COVID-19 has touched Cedar Hill as it has many other communities according to Eppard.
“Several people in our church have had the virus, and we have had a couple deaths as well, unfortunately. The number of people attending church here are down, and our giving is down as well,” Eppard said. “The mission of a church is to make disciples and spread the good news, but COVID-19 has hindered us because it has made it hard to reach out to others safely.”
COVID-19 affected how worship was conducted as well.
“At one point we had abbreviated services and every other row marked off for social distancing purposes. We encouraged masks and provided them at the door. Most Sundays everyone wore a mask, including myself except for when I was preaching,” Eppard said. “We also took hymnals and Bibles out of the pews, had the church sanitized every Monday and Saturday, and did not sing during worship. We host a monthly dinner that we invite the community to, and we were able to continue that by making the dinner drive-through.”
Those precautions had been relaxed for the past few months, but as cases begin rising once more, Eppard says he expects that sanitization measures will be reinstituted soon.
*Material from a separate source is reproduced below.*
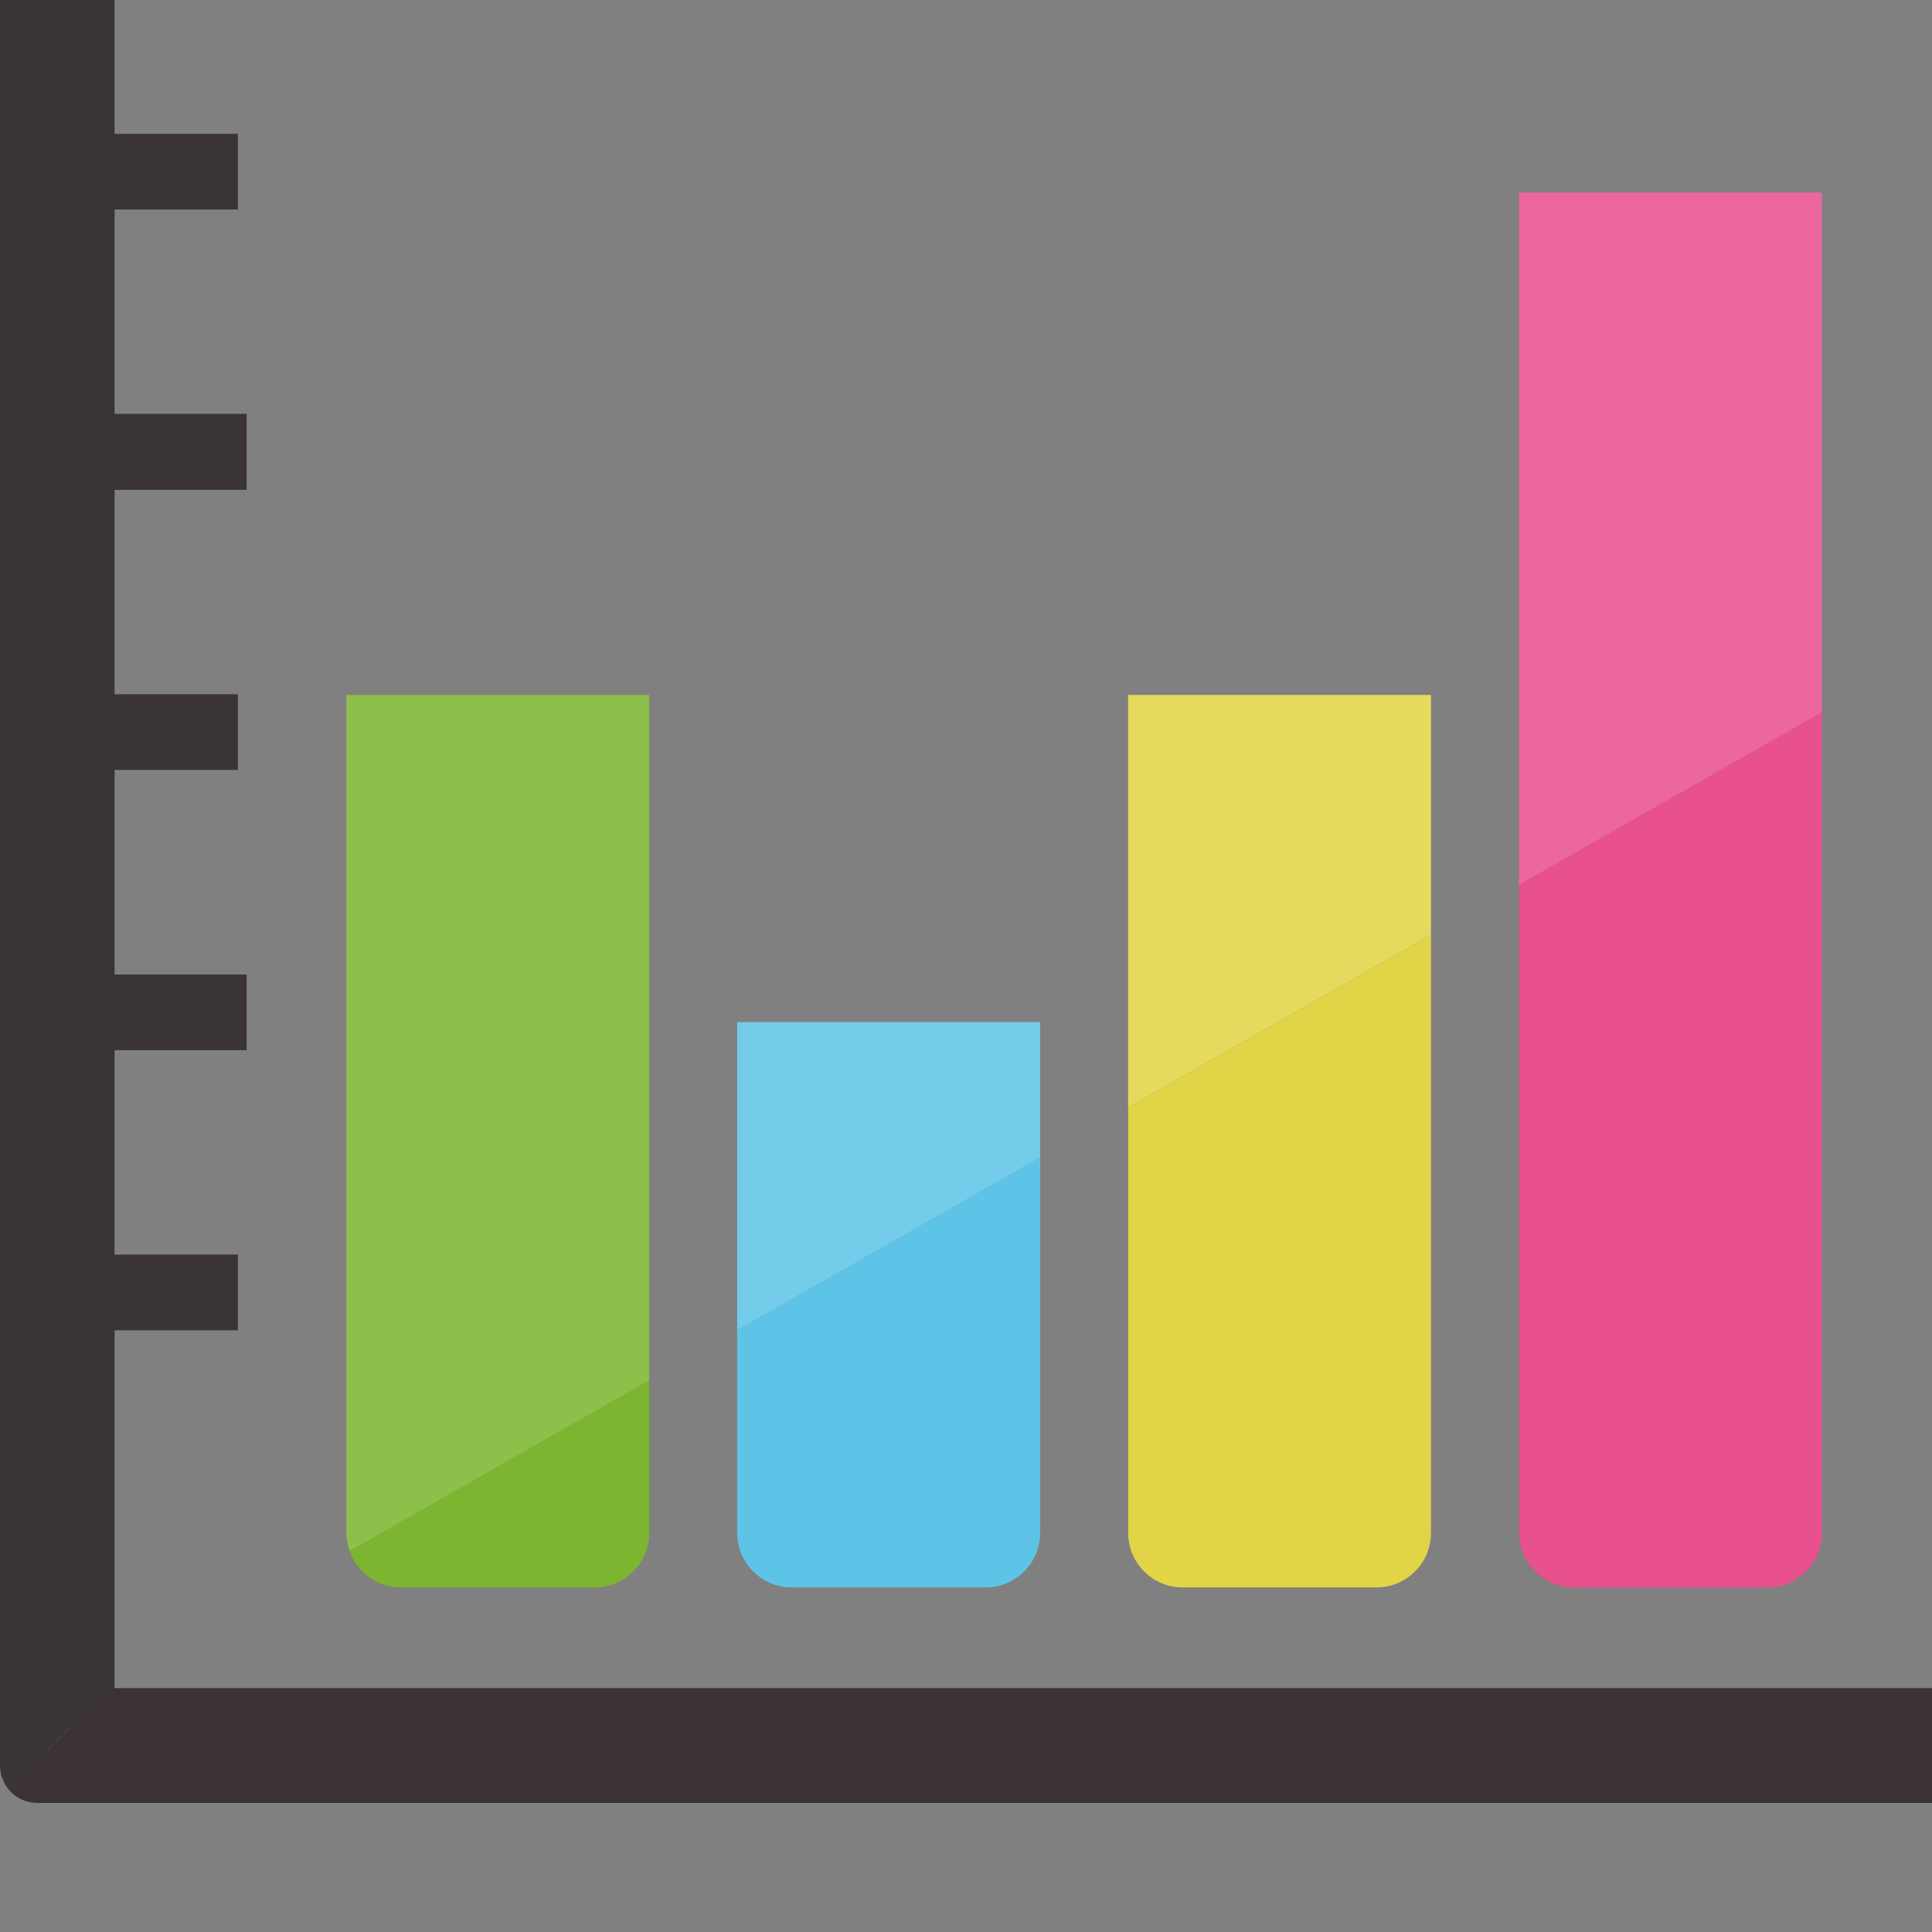 <svg xmlns="http://www.w3.org/2000/svg" viewBox="0 0 512 512"><rect x="0" y="0" width="512" height="512" fill="#808080" stroke="none"/><path fill="#3a3534" d="M0 0h30.364v457.98H0z"/><path fill="#3a3534" d="M15.186 332.475H63.04v20.062H15.186zM0 258.258h65.356v20.053H0zM15.186 183.974H63.04v20.062H15.186zM0 109.684h65.356v20.135H0zM15.186 35.472H63.04v20.062H15.186zM29.227 447.344L18.592 457.98 6.576 470.077l-4.222 4.222C.893 472.513 0 470.321 0 467.885v-20.541h29.227z"/><path d="M2.319 474.278c1.818 2.149 4.527 3.518 7.55 3.518H512v-30.435H29.236L2.319 474.278z" fill="#3b3333"/><path d="M195.356 406.244c0 7.953 6.487 14.44 14.439 14.44h51.424c7.953 0 14.439-6.486 14.439-14.44v-99.466l-80.302 45.759v53.707z" fill="#5ec4e7"/><path d="M298.973 333.987v72.294c0 7.919 6.479 14.398 14.399 14.398h51.451c7.919 0 14.398-6.48 14.398-14.398V247.765l-80.249 45.729v40.493z" fill="#e1d446"/><path d="M402.56 234.466v171.815c0 3.697 1.424 7.066 3.734 9.623 2.639 2.922 6.441 4.775 10.665 4.775h51.452c7.919 0 14.398-6.48 14.398-14.398V188.737l-80.249 45.729z" fill="#e8508e"/><path d="M106.197 420.678h51.452c7.92 0 14.399-6.479 14.399-14.398v-40.46l-79.37 45.226c1.985 5.583 7.278 9.632 13.519 9.632z" fill="#7cb52f"/><path fill="#5ec4e7" d="M275.635 279.669v-8.78h-80.279v81.648l80.302-45.759v-27.086z"/><path fill="#e1d446" d="M298.973 184.176v109.317l80.249-45.729v-63.588z"/><path fill="#e8508e" d="M482.809 50.989H402.56v183.477l80.249-45.729z"/><path d="M172.048 242.063v-57.888H91.799V406.28c0 1.678.345 3.266.879 4.766l79.37-45.226V242.063z" fill="#7cb52f"/><path opacity=".13" fill="#fff" d="M275.635 279.669v-8.78h-80.279v81.648l80.302-45.759v-27.086zM298.973 184.176v109.317l80.249-45.729v-63.588zM482.809 50.989H402.56v183.477l80.249-45.729zM172.048 242.063v-57.888H91.799V406.28c0 1.678.345 3.266.879 4.766l79.37-45.226V242.063z"/></svg>

Eppard says that vaccination is an individual choice, and that people should be respectful of each other regardless of a person’s decision to take precautions or not. Eppard believes neither side should blame the other.
However, he said that it does not mean that someone has weak faith in God if they wear a mask or get vaccinated.
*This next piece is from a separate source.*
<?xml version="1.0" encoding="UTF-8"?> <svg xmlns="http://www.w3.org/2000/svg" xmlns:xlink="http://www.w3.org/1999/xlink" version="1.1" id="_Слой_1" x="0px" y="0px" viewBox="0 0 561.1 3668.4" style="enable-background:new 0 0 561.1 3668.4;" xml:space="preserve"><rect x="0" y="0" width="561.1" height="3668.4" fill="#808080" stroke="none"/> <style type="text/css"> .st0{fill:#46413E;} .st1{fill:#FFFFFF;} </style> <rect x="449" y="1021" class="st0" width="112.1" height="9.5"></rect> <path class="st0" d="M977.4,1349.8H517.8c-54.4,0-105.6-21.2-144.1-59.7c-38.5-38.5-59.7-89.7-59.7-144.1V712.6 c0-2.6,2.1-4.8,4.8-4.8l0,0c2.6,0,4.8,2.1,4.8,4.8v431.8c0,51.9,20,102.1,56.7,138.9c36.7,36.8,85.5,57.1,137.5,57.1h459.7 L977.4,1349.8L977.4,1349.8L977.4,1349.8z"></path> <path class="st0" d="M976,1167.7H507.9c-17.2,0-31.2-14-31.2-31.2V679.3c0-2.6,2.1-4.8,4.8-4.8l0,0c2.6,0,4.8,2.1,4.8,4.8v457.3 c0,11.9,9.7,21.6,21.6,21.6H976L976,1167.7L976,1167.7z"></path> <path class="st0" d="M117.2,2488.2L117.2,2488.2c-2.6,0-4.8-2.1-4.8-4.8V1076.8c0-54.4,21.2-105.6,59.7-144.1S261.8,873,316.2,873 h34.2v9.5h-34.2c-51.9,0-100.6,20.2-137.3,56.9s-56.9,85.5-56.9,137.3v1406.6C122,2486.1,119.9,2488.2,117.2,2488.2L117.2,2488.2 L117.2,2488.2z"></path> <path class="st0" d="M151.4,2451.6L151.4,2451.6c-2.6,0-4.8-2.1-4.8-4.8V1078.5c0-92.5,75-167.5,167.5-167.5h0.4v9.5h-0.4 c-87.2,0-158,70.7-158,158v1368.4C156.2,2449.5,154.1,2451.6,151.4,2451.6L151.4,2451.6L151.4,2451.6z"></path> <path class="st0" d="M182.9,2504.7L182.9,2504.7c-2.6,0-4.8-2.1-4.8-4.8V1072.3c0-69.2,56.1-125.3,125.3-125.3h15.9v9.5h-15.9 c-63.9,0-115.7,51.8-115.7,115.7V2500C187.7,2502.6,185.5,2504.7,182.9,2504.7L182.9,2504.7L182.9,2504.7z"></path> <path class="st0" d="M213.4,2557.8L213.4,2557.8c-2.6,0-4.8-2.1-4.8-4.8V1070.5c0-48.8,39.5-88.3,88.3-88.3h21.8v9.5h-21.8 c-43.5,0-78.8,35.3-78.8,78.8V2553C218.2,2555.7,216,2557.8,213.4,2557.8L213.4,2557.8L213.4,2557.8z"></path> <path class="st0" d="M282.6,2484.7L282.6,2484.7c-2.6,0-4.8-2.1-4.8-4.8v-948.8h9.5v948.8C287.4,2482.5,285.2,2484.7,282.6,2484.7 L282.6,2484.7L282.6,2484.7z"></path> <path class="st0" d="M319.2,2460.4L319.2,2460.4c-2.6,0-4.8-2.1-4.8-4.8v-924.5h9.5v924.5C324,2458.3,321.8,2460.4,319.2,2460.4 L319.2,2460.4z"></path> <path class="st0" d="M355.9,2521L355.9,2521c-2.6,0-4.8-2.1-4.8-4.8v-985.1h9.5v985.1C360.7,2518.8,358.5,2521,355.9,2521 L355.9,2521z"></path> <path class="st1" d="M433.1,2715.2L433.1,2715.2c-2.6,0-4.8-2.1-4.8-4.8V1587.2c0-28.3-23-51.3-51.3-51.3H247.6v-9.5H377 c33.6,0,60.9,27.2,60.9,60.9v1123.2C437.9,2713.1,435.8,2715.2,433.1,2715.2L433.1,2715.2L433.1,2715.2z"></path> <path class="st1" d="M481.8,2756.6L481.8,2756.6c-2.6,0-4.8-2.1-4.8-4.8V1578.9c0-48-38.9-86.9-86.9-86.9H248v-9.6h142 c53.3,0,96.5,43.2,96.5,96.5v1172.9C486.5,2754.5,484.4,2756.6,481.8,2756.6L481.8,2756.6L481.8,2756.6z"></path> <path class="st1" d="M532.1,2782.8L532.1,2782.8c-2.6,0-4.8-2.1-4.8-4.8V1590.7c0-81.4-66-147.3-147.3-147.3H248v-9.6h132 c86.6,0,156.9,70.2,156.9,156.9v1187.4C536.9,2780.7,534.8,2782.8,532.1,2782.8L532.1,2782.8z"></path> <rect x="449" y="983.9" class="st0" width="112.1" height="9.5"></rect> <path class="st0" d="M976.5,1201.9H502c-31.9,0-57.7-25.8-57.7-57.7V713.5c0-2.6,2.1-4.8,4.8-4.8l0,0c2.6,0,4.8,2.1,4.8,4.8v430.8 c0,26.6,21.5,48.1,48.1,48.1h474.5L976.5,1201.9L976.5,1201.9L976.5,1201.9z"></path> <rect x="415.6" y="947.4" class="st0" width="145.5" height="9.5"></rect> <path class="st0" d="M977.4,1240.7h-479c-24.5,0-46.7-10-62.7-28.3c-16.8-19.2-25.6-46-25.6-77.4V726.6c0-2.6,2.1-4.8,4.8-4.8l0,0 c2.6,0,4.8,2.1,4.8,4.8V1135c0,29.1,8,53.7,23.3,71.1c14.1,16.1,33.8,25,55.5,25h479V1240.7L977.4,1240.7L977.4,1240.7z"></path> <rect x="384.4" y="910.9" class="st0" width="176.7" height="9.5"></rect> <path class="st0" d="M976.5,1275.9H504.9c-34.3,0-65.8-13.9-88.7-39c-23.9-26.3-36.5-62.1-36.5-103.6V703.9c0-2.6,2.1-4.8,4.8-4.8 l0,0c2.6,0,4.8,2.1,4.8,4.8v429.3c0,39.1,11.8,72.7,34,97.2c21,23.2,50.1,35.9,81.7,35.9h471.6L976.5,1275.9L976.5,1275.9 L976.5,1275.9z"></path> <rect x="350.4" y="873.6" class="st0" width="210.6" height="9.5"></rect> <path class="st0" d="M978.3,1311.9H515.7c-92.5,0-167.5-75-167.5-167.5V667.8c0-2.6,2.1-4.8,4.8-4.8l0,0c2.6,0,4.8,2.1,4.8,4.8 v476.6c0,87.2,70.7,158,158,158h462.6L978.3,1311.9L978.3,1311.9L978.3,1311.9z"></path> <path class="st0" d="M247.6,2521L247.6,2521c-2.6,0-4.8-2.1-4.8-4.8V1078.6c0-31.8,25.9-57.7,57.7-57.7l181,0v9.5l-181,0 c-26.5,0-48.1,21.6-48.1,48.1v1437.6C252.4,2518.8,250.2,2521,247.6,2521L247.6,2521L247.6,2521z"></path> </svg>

“There is nothing wrong with taking precautions. I hear people who are anti-vaccination accusing people of not having faith if they wear a mask or get vaccinated. They say that God is in control and if they get the virus then they are going to get the virus. Taking precautions like wearing a mask or getting vaccinated does not mean you are weak in faith,” Eppard said. “I’m not going to walk in the middle of the street, because chances are I’ll get hit by a car. I’m going to take precautions and stay out of the street because that helps keep me safe. People get the flu shot and take medicine as precautions to stay healthy. If I’m sick I take medicine. People need to make informed choices, and respect others’ choices.”
The Greene County Health Department at 810 W. Church St. is currently offering free COVID-19 vaccines, either drive-up or walk-in. No appointment is necessary. However, those who prefer to make an appointment can go to tn.gov to reserve times for a first or second dose.
Adults aged 18 and older are eligible for all COVID-19 vaccines while children ages 12 and older are eligible for the Pfizer-BioNTech COVID-19 vaccine.
The Health Department is open 8:30 a.m.-4 p.m. Monday through Friday.